Se a análise econômica do subcontinente for interrompida em setembro de 2008, o período a partir de 2003 reflete o boom do crescimento chinês, que elevou a demanda e o preço das commodities ao redor do mundo. Quem não surfou nessa onda foi o México, que perdeu espaço para a China como provedor de bens. "Com o avanço das exportações chinesas para os EUA, o México, que desde a criação do Nafta virou um departamento de produção do país vizinho, recebeu uma cotovelada", diz o professor do instituto de Economia da Unicamp Wilson Cano. Já Venezuela, Bolívia, Brasil e Equador se beneficiaram muito com a valorização de suas exportações. Com a crise, a previsão da Comissão Econômica para a América Latina e o Caribe (Cepal) é que o crescimento regional passe dos 4,6% registrados em 2008 para 1,9% neste ano.

EMPREGO EM ALTA

Com mais dinheiro, há mais investimento e mais trabalho. Em 2008, o desemprego caiu na América Latina pelo quinto ano consecutivo, fechando em uma média regional de 7,4%. A previsão é que sejam criados, mesmo com a crise, entre 1,5 milhão e 2,4 milhões de postos de trabalho em 2009. A especialista em emprego da OIT no Brasil Janine Berg salienta que, se os últimos cinco anos foram muito bons, deve-se muito ao Brasil, cuja população economicamente ativa representa 40% do total da América Latina.

SAÚDE DEMOCRÁTICA

No embalo do aumento da renda, a saúde da população melhorou. Fica bem visível na transformação gradual da "pirâmide demográfica", em que havia muitas crianças na base e poucos idosos em cima, para um formato cada vez mais cilíndrico, com o grosso da população entre os adultos. Na Venezuela, destaca-se a experiência com médicos de bairro ("Barrio Adentro"), que já leva atendimento básico a 89% da população. Entre o controle de doenças, destaca-se o trabalho preventivo da aids no Brasil.

INDICADORES SOCIAIS

Entre os avanços que se percebe nos indicadores sociais do subcontinente, o historiador da Universidade Federal do Rio de Janeiro André Chevitarese destaca a queda do analfabetismo. Até o ano que vem, todos os países devem baixar sua taxa de analfabetismo em relação a 2005, com exceção de Honduras e Nicarágua.

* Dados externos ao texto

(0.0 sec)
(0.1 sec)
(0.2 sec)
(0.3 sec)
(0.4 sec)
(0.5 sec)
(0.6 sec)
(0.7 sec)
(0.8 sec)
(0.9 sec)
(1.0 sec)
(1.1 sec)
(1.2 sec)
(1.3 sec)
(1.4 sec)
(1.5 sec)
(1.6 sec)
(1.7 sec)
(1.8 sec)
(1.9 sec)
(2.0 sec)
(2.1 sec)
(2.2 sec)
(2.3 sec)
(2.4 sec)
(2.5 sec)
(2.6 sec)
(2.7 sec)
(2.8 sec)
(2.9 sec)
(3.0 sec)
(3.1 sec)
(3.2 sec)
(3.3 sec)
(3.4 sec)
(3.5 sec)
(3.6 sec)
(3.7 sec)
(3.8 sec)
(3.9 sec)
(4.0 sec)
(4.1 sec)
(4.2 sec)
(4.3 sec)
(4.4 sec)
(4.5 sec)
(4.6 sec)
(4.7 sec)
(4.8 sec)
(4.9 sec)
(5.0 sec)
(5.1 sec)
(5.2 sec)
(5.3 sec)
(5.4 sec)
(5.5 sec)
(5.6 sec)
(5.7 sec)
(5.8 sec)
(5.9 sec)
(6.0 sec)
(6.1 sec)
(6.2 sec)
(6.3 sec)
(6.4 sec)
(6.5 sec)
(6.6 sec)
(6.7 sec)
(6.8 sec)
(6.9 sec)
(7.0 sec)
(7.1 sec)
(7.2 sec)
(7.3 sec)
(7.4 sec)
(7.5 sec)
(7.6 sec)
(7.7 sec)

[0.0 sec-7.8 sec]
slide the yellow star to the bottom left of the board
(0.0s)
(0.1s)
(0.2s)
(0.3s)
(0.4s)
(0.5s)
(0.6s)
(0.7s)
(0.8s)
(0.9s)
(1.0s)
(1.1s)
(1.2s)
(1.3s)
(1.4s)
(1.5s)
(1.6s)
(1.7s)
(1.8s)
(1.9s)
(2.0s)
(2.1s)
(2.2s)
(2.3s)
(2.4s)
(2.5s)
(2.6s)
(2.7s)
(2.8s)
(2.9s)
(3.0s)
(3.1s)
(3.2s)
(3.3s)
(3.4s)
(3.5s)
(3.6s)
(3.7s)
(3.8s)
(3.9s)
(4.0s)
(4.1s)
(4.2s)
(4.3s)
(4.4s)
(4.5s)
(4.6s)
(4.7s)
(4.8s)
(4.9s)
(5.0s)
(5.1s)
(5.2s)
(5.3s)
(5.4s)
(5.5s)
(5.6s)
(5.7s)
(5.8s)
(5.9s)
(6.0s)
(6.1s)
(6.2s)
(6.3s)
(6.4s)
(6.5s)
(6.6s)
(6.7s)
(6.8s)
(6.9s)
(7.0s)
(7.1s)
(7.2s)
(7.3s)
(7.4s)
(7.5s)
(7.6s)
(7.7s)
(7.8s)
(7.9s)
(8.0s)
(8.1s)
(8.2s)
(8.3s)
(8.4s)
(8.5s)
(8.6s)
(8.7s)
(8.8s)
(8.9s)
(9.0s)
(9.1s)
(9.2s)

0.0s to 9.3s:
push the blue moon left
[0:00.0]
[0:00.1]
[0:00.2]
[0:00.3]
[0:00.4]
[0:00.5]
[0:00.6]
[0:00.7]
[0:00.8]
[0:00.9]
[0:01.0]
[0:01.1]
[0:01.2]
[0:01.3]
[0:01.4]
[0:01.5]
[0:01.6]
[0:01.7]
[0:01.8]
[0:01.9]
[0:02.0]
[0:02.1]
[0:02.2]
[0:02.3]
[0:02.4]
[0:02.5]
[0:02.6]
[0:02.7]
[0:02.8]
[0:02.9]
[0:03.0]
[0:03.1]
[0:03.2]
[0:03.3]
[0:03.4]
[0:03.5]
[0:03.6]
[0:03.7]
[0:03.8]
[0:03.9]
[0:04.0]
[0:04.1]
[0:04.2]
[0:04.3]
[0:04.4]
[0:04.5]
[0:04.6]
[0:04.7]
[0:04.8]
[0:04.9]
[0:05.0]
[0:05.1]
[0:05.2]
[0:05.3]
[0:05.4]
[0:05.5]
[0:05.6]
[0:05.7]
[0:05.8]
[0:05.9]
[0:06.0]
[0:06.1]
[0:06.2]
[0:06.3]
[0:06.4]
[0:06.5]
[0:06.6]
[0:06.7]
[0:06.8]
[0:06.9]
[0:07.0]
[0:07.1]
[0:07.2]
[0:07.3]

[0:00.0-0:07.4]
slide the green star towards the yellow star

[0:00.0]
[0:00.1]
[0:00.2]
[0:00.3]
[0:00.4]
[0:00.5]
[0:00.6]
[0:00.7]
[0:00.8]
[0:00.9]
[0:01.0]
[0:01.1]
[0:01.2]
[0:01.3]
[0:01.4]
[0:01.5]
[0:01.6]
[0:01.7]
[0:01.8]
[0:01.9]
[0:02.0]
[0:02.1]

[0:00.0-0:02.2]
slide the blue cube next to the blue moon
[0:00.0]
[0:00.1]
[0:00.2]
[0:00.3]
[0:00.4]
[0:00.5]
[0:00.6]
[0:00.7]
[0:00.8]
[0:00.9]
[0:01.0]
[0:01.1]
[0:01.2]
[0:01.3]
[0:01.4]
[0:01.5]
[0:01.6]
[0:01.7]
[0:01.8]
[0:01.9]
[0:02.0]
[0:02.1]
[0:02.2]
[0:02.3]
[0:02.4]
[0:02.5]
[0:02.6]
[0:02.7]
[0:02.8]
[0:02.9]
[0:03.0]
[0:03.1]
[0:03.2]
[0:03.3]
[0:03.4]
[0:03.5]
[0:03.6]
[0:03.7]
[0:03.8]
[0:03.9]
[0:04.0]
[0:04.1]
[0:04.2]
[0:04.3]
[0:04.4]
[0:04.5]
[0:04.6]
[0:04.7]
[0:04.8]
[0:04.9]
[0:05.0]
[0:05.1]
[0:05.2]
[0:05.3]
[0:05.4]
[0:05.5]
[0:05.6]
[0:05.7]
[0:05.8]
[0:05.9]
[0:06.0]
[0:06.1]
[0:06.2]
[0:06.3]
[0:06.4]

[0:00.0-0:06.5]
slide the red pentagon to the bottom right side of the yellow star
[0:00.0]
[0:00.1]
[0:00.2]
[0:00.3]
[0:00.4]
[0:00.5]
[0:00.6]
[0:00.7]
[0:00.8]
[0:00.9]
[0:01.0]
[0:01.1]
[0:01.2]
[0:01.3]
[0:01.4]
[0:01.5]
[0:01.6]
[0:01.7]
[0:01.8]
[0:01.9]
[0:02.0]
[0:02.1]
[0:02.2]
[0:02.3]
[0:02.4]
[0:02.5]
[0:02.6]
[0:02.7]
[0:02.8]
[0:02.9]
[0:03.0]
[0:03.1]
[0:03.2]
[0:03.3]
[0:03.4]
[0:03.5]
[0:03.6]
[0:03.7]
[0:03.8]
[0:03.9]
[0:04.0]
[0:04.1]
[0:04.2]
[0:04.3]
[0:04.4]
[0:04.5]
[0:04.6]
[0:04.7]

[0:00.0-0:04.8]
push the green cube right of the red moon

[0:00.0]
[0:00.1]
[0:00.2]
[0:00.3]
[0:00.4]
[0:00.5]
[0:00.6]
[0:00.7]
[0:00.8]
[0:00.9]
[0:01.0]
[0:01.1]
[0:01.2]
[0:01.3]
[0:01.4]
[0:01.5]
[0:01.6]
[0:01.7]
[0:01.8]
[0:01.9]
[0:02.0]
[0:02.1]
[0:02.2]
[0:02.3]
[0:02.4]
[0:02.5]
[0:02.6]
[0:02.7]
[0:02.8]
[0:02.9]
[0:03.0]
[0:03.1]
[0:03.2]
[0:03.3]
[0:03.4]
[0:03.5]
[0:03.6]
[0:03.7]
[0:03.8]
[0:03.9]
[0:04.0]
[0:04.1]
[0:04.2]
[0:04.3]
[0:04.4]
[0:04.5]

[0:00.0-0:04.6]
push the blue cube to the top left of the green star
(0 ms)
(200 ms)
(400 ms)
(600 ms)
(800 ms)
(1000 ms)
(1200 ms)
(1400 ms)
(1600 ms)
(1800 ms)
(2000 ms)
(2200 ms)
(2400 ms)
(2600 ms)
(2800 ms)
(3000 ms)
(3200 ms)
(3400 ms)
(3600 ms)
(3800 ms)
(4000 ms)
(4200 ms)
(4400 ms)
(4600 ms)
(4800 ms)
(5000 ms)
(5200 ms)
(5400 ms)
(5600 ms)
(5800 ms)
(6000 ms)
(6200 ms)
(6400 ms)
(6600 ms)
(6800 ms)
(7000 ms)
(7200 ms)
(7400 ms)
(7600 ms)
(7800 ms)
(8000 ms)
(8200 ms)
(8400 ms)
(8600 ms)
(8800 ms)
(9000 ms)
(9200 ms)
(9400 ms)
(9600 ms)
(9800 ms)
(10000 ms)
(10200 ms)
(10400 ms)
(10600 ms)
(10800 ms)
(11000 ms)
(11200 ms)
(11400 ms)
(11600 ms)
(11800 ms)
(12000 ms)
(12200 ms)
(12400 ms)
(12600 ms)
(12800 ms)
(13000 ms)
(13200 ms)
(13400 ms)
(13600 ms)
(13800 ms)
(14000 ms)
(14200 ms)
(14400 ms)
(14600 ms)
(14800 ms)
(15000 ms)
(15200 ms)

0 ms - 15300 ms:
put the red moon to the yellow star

Barbados, Bahamas, Antilhas devem manter índice estável. Programas governamentais como o Bolsa Família, no Brasil, "aprofundaram o benefício de reformas econômicas de governos anteriores", na opinião de Chevitarese. Em 2008, a Venezuela chamou a atenção ao passar da 74ª posição para 61ª. O subcontinente tem nove países na lista dos 75 melhores Índices de Desenvolvimento Humano do planeta. O Chile é o primeiro, na 40ª posição. O índice inclui expectativa de vida, nível de instrução e renda.

BOM PARA A AUTOESTIMA

Por mais questionáveis que sejam quanto aos resultados, medidas populistas como a expulsão de embaixadores americanos por Venezuela, Bolívia e Equador contribuíram para o sentimento de autoestima da população desses países. Com trabalho mais estruturado, o Brasil procura conquistar novos espaços no mundo, com ênfase para a vaga no Conselho de Segurança da ONU. "Estamos construindo paulatinamente uma ordem jurídica internacional de poder menos concentrado", diz a professora de Relações Internacionais da UniBrasil Larissa Ramina.